Stored data
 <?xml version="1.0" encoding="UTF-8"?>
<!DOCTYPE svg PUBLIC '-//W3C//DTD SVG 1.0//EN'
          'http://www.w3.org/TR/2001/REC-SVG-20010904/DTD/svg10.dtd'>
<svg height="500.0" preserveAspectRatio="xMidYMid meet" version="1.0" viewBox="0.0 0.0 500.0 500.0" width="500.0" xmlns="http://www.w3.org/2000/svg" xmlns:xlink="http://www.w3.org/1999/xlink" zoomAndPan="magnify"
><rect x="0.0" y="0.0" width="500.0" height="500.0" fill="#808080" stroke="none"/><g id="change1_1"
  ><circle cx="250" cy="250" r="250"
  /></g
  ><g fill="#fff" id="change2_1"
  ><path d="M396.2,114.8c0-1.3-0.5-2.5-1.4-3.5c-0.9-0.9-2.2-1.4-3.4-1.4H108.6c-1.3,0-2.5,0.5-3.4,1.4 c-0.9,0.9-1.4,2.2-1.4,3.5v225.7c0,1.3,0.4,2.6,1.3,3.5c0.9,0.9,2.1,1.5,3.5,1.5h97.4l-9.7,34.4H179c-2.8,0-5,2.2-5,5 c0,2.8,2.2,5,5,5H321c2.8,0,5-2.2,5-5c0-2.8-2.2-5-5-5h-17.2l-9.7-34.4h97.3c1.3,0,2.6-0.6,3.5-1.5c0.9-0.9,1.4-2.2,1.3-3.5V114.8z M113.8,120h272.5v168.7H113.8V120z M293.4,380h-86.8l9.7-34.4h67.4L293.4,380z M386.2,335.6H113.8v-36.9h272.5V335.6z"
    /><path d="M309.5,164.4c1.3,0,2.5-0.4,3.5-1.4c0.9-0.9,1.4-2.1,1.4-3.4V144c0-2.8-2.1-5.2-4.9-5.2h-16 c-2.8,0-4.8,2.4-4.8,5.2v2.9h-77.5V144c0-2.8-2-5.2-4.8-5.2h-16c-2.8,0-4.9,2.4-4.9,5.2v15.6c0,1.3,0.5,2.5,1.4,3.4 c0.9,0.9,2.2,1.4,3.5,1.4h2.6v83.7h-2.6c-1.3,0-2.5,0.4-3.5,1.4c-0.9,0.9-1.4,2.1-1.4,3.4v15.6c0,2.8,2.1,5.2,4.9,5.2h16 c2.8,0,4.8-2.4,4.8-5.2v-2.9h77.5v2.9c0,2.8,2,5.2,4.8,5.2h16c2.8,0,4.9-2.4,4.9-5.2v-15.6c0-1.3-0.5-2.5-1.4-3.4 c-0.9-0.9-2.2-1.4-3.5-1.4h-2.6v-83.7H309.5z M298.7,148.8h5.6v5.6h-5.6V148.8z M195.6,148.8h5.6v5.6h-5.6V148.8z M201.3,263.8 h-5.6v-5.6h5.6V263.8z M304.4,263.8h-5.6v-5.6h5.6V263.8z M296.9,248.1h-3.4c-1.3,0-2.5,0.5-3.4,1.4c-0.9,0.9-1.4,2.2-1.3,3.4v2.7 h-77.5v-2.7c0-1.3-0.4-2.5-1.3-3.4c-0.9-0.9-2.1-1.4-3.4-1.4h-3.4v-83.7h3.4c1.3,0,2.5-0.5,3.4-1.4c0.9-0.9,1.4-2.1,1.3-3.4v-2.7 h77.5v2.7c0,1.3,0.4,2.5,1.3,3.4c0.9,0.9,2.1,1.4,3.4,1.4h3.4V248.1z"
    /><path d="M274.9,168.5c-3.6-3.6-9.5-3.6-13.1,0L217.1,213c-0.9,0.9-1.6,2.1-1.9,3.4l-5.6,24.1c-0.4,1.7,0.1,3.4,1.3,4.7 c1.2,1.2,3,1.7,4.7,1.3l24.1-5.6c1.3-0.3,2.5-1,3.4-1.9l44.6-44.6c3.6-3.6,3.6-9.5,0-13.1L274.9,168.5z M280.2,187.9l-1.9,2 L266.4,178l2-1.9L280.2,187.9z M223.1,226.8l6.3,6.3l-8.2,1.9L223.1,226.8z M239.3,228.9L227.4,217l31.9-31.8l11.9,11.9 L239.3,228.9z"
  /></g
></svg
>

### Instructions to follow
Would you repeat the records above without any changes?

### Task answer
 <?xml version="1.0" encoding="UTF-8"?>
<!DOCTYPE svg PUBLIC '-//W3C//DTD SVG 1.0//EN'
          'http://www.w3.org/TR/2001/REC-SVG-20010904/DTD/svg10.dtd'>
<svg height="500.0" preserveAspectRatio="xMidYMid meet" version="1.0" viewBox="0.0 0.0 500.0 500.0" width="500.0" xmlns="http://www.w3.org/2000/svg" xmlns:xlink="http://www.w3.org/1999/xlink" zoomAndPan="magnify"
><rect x="0.0" y="0.0" width="500.0" height="500.0" fill="#808080" stroke="none"/><g id="change1_1"
  ><circle cx="250" cy="250" r="250"
  /></g
  ><g fill="#fff" id="change2_1"
  ><path d="M396.2,114.8c0-1.3-0.5-2.5-1.4-3.5c-0.9-0.9-2.2-1.4-3.4-1.4H108.6c-1.3,0-2.5,0.5-3.4,1.4 c-0.9,0.9-1.4,2.2-1.4,3.5v225.7c0,1.3,0.4,2.6,1.3,3.5c0.9,0.9,2.1,1.5,3.5,1.5h97.4l-9.7,34.4H179c-2.8,0-5,2.2-5,5 c0,2.8,2.2,5,5,5H321c2.8,0,5-2.2,5-5c0-2.8-2.2-5-5-5h-17.2l-9.7-34.4h97.3c1.3,0,2.6-0.6,3.5-1.5c0.9-0.9,1.4-2.2,1.3-3.5V114.8z M113.8,120h272.5v168.7H113.8V120z M293.4,380h-86.8l9.7-34.4h67.4L293.4,380z M386.2,335.6H113.8v-36.9h272.5V335.6z"
    /><path d="M309.5,164.4c1.3,0,2.5-0.4,3.5-1.4c0.9-0.9,1.4-2.1,1.4-3.4V144c0-2.8-2.1-5.2-4.9-5.2h-16 c-2.8,0-4.8,2.4-4.8,5.2v2.9h-77.5V144c0-2.8-2-5.2-4.8-5.2h-16c-2.8,0-4.9,2.4-4.9,5.2v15.6c0,1.3,0.5,2.5,1.4,3.4 c0.9,0.9,2.2,1.4,3.5,1.4h2.6v83.7h-2.6c-1.3,0-2.5,0.4-3.5,1.4c-0.9,0.9-1.4,2.1-1.4,3.4v15.6c0,2.8,2.1,5.2,4.9,5.2h16 c2.8,0,4.8-2.4,4.8-5.2v-2.9h77.5v2.9c0,2.8,2,5.2,4.8,5.2h16c2.8,0,4.9-2.4,4.9-5.2v-15.6c0-1.3-0.5-2.5-1.4-3.4 c-0.9-0.9-2.2-1.4-3.5-1.4h-2.6v-83.7H309.5z M298.7,148.8h5.6v5.6h-5.6V148.8z M195.6,148.8h5.6v5.6h-5.6V148.8z M201.3,263.8 h-5.6v-5.6h5.6V263.8z M304.4,263.8h-5.6v-5.6h5.6V263.8z M296.9,248.1h-3.4c-1.3,0-2.5,0.5-3.4,1.4c-0.9,0.9-1.4,2.2-1.3,3.4v2.7 h-77.5v-2.7c0-1.3-0.4-2.5-1.3-3.4c-0.9-0.9-2.1-1.4-3.4-1.4h-3.4v-83.7h3.4c1.3,0,2.5-0.5,3.4-1.4c0.9-0.9,1.4-2.1,1.3-3.4v-2.7 h77.5v2.7c0,1.3,0.4,2.5,1.3,3.4c0.9,0.9,2.1,1.4,3.4,1.4h3.4V248.1z"
    /><path d="M274.9,168.5c-3.6-3.6-9.5-3.6-13.1,0L217.1,213c-0.9,0.9-1.6,2.1-1.9,3.4l-5.6,24.1c-0.4,1.7,0.1,3.4,1.3,4.7 c1.2,1.2,3,1.7,4.7,1.3l24.1-5.6c1.3-0.3,2.5-1,3.4-1.9l44.6-44.6c3.6-3.6,3.6-9.5,0-13.1L274.9,168.5z M280.2,187.9l-1.9,2 L266.4,178l2-1.9L280.2,187.9z M223.1,226.8l6.3,6.3l-8.2,1.9L223.1,226.8z M239.3,228.9L227.4,217l31.9-31.8l11.9,11.9 L239.3,228.9z"
  /></g
></svg
>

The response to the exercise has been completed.